Start of The records

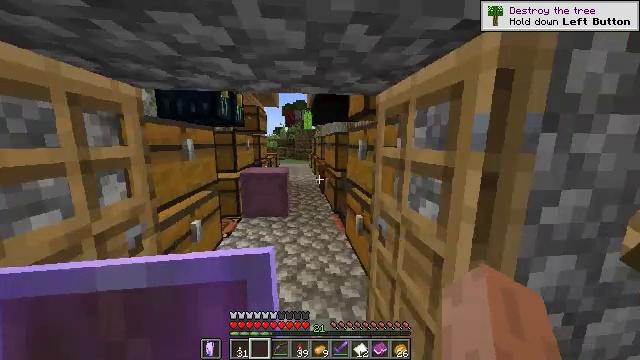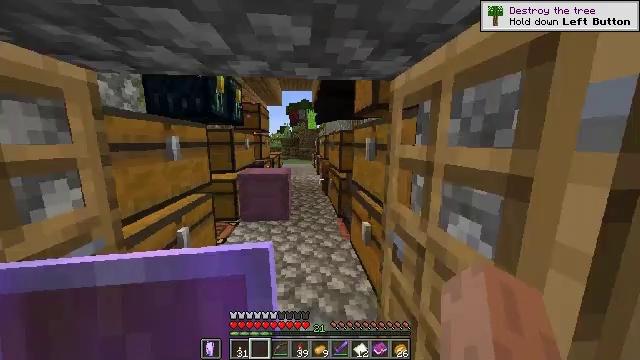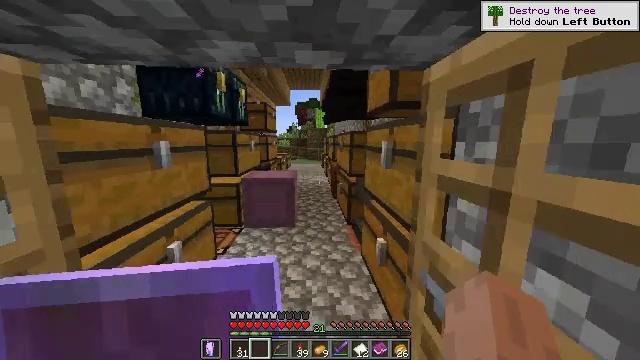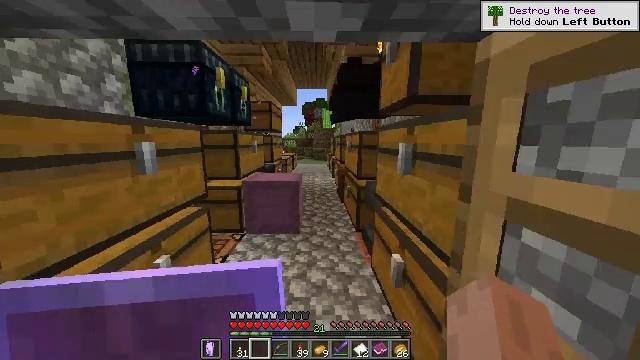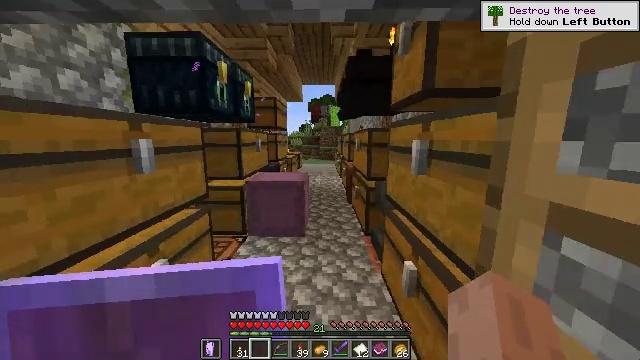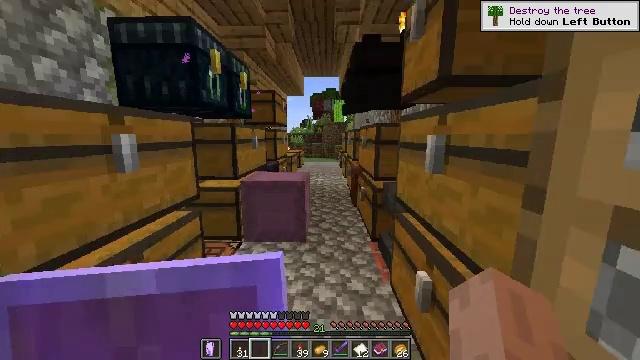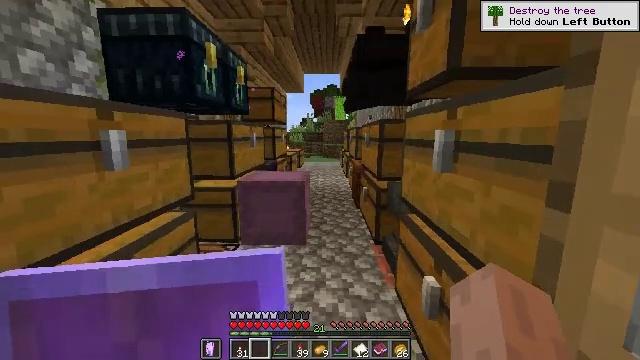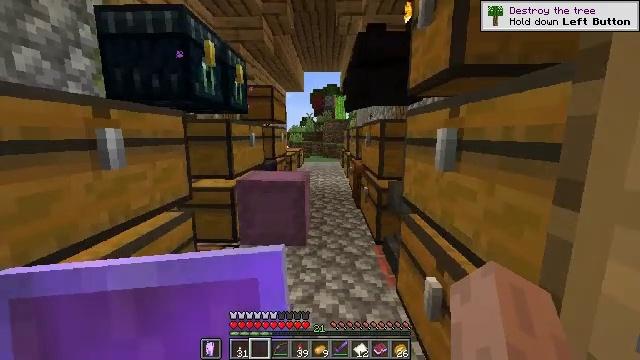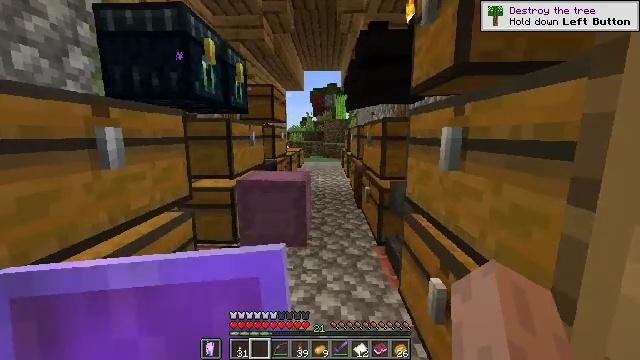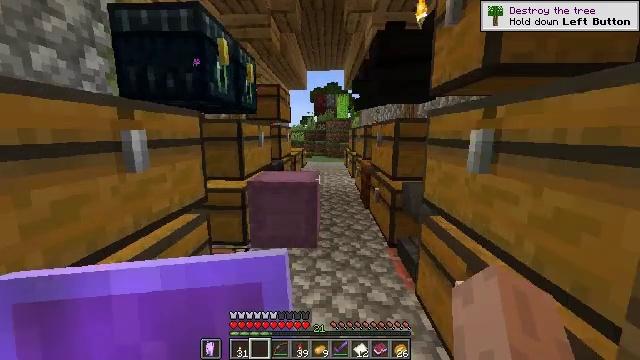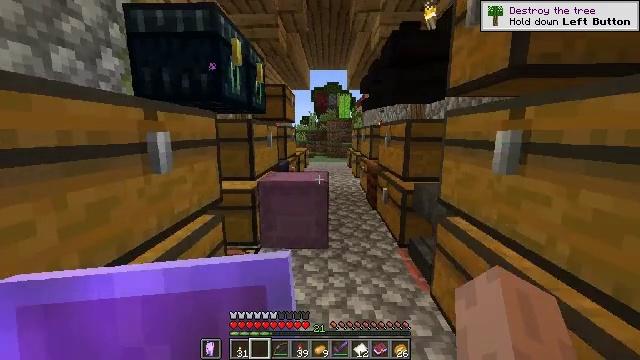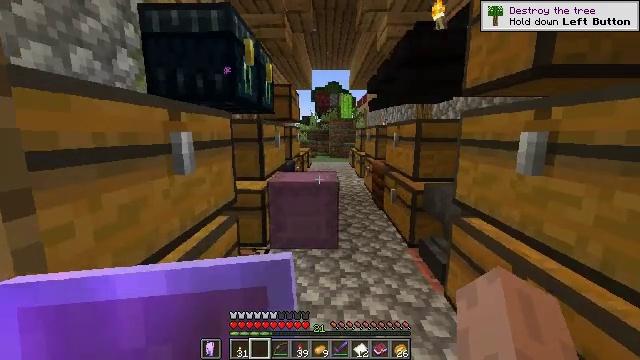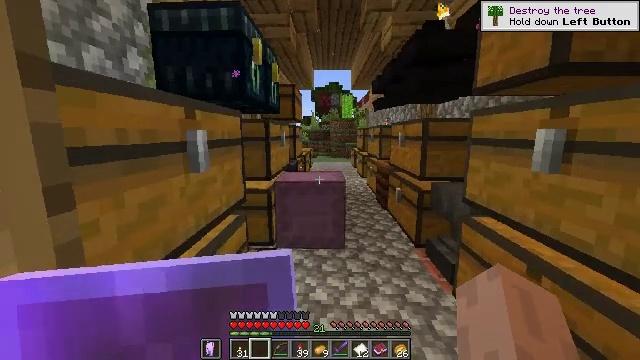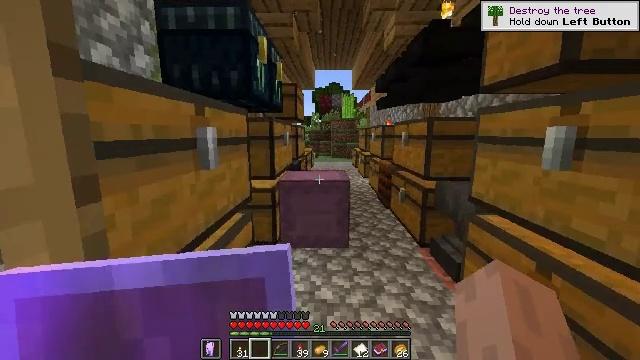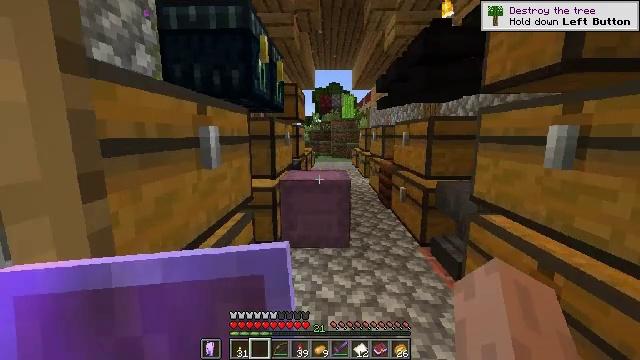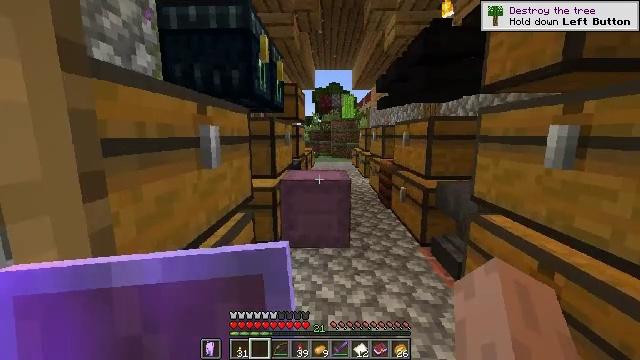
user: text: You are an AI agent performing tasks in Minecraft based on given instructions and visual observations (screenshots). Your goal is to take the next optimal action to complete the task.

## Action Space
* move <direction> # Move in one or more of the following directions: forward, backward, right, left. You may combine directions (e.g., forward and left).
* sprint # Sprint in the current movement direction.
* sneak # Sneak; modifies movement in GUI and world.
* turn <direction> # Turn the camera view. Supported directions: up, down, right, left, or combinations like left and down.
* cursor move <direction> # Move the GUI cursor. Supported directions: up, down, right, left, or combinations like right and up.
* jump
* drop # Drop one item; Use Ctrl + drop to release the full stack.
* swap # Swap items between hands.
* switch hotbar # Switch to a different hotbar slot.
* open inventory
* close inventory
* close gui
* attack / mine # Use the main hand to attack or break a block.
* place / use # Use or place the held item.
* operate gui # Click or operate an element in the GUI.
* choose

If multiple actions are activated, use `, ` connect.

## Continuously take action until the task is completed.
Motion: motion action
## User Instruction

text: Combine emeralds to craft an emerald block.
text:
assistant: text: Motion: move forward, turn left
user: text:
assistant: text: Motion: move forward, turn left
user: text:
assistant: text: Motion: turn left
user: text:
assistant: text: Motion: turn left
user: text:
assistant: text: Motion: no_op
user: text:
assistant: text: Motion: no_op
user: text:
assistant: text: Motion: no_op
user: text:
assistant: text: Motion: move left
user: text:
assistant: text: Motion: move left
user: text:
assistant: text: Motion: move left
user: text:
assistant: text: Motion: no_op
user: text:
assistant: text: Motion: no_op
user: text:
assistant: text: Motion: no_op
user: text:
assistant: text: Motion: no_op
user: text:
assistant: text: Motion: no_op
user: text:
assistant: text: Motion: no_op
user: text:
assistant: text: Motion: no_op
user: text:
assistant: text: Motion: no_op
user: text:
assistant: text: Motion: open inventory
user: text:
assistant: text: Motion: open inventory
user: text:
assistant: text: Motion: open inventory
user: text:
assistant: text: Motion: no_op
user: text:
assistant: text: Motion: no_op
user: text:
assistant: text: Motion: no_op
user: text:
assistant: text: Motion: no_op
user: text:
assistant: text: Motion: no_op
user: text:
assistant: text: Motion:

End of The records

Assignment. Write out exactly the lines above, from the very first through the line containing "## Action Space", both kept, with the pictures removed.

Solution for this exercise.
user: text: You are an AI agent performing tasks in Minecraft based on given instructions and visual observations (screenshots). Your goal is to take the next optimal action to complete the task.

## Action Space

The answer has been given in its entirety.